- WHAT THE TASK REQUIRES
In the lines below, find the one that contains "(00:00:02.200)" and write it out exactly, along with every line that follows it.

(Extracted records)
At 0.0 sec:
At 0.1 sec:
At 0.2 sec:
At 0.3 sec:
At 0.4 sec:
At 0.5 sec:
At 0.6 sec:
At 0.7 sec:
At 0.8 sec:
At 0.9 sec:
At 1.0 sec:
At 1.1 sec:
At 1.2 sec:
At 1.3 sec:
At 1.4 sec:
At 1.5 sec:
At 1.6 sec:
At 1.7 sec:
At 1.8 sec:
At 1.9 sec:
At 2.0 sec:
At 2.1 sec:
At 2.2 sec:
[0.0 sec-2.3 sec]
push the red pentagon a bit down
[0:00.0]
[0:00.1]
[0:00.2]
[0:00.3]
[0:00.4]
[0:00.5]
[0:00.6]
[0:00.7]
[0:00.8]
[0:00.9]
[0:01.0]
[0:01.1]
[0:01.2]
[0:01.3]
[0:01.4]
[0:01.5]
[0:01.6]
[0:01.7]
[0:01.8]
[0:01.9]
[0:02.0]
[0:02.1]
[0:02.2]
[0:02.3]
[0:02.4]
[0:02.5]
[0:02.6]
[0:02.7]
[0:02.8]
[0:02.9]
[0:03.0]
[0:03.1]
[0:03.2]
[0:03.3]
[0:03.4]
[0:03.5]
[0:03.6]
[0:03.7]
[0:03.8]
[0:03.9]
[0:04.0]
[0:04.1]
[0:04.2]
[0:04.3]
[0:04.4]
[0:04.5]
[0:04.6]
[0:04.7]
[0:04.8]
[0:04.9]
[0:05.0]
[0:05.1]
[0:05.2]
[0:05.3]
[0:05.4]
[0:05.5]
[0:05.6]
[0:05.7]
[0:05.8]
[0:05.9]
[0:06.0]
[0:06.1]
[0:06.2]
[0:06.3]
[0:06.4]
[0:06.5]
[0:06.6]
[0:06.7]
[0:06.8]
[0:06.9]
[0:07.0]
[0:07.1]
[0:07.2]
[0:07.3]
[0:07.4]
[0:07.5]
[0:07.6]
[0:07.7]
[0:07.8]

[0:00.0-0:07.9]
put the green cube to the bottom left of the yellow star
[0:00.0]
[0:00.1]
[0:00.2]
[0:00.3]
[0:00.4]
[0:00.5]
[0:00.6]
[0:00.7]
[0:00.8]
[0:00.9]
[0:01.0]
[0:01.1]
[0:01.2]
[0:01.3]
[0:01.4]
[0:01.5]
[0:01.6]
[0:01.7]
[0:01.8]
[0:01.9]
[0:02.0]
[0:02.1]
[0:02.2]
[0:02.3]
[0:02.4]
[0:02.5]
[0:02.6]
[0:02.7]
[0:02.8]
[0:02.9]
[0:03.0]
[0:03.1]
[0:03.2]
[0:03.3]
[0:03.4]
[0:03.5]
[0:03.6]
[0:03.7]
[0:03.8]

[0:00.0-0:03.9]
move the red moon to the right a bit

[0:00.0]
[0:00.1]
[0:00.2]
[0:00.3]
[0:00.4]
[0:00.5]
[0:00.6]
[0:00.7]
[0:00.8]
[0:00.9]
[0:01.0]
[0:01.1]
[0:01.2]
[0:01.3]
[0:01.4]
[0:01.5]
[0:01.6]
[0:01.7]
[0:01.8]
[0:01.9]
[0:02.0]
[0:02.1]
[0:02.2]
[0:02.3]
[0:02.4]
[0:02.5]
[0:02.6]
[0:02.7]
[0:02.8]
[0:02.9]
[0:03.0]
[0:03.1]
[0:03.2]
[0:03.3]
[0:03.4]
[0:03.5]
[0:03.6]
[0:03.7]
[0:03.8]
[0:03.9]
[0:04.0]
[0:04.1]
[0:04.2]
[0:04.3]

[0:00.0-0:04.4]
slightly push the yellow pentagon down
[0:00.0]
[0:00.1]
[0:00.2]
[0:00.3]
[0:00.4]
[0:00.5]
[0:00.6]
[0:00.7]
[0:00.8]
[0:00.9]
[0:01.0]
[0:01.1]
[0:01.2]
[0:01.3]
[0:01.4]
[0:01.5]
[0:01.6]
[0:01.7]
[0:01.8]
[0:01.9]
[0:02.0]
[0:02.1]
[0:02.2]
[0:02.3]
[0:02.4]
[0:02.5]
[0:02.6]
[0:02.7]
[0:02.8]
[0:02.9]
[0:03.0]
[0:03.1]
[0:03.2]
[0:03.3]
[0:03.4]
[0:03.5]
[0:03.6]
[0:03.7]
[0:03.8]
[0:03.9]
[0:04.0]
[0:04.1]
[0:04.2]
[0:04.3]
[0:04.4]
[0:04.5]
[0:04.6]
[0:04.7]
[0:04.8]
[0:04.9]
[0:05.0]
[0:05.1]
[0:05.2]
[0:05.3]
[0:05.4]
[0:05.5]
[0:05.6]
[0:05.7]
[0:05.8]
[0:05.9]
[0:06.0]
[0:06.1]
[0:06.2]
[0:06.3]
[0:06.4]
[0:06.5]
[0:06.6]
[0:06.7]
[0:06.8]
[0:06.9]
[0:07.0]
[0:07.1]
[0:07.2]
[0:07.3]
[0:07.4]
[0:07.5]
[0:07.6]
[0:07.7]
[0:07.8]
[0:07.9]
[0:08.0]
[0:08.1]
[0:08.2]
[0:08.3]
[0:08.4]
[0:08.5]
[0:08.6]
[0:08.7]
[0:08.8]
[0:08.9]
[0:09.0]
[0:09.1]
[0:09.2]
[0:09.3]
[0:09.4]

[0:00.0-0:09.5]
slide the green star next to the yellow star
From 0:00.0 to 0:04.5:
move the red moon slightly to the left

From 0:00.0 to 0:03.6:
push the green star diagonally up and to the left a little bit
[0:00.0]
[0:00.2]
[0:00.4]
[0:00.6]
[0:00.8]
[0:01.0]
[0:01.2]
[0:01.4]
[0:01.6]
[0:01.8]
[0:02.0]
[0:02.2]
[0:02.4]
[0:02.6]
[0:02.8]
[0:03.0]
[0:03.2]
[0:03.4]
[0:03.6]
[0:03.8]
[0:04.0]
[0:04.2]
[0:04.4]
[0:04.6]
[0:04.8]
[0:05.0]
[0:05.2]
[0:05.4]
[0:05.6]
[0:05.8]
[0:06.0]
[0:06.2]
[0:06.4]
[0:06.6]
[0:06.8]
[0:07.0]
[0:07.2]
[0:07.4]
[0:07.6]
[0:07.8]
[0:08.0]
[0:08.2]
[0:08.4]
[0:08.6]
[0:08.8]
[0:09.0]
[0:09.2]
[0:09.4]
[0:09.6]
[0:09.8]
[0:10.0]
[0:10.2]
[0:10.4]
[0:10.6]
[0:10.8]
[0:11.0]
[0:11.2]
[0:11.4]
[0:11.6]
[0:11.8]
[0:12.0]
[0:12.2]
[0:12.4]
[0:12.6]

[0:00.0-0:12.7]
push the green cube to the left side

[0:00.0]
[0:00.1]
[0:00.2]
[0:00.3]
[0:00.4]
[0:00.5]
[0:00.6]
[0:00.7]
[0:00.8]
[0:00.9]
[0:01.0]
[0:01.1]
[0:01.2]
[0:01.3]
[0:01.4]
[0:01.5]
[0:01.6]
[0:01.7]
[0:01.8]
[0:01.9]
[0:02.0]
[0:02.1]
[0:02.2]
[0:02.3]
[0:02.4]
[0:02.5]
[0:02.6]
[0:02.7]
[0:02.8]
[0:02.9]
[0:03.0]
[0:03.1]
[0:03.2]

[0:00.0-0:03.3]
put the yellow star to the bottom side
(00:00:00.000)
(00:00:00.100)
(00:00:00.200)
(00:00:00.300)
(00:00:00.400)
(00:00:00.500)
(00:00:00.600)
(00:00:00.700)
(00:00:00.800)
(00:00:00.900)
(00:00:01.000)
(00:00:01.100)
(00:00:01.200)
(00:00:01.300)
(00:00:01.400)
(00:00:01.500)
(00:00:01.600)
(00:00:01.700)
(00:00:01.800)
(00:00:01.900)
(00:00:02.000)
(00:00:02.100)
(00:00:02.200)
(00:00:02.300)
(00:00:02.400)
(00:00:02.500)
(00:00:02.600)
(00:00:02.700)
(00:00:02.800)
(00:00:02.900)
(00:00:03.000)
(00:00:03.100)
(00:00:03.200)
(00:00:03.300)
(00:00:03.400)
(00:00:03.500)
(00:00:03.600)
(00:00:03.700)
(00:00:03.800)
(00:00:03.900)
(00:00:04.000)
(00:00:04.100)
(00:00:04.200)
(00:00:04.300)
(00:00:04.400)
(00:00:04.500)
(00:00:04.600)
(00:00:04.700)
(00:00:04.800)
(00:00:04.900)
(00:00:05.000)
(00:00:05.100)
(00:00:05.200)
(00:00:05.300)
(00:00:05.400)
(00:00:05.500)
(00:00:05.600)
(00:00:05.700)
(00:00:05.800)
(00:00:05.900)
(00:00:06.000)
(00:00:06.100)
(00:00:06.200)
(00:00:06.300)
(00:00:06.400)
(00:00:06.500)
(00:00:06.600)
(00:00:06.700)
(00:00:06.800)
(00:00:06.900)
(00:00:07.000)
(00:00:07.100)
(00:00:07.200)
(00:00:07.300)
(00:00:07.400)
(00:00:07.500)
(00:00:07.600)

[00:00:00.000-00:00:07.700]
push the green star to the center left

- TASK RESULT
(00:00:02.200)
(00:00:02.300)
(00:00:02.400)
(00:00:02.500)
(00:00:02.600)
(00:00:02.700)
(00:00:02.800)
(00:00:02.900)
(00:00:03.000)
(00:00:03.100)
(00:00:03.200)
(00:00:03.300)
(00:00:03.400)
(00:00:03.500)
(00:00:03.600)
(00:00:03.700)
(00:00:03.800)
(00:00:03.900)
(00:00:04.000)
(00:00:04.100)
(00:00:04.200)
(00:00:04.300)
(00:00:04.400)
(00:00:04.500)
(00:00:04.600)
(00:00:04.700)
(00:00:04.800)
(00:00:04.900)
(00:00:05.000)
(00:00:05.100)
(00:00:05.200)
(00:00:05.300)
(00:00:05.400)
(00:00:05.500)
(00:00:05.600)
(00:00:05.700)
(00:00:05.800)
(00:00:05.900)
(00:00:06.000)
(00:00:06.100)
(00:00:06.200)
(00:00:06.300)
(00:00:06.400)
(00:00:06.500)
(00:00:06.600)
(00:00:06.700)
(00:00:06.800)
(00:00:06.900)
(00:00:07.000)
(00:00:07.100)
(00:00:07.200)
(00:00:07.300)
(00:00:07.400)
(00:00:07.500)
(00:00:07.600)

[00:00:00.000-00:00:07.700]
push the green star to the center left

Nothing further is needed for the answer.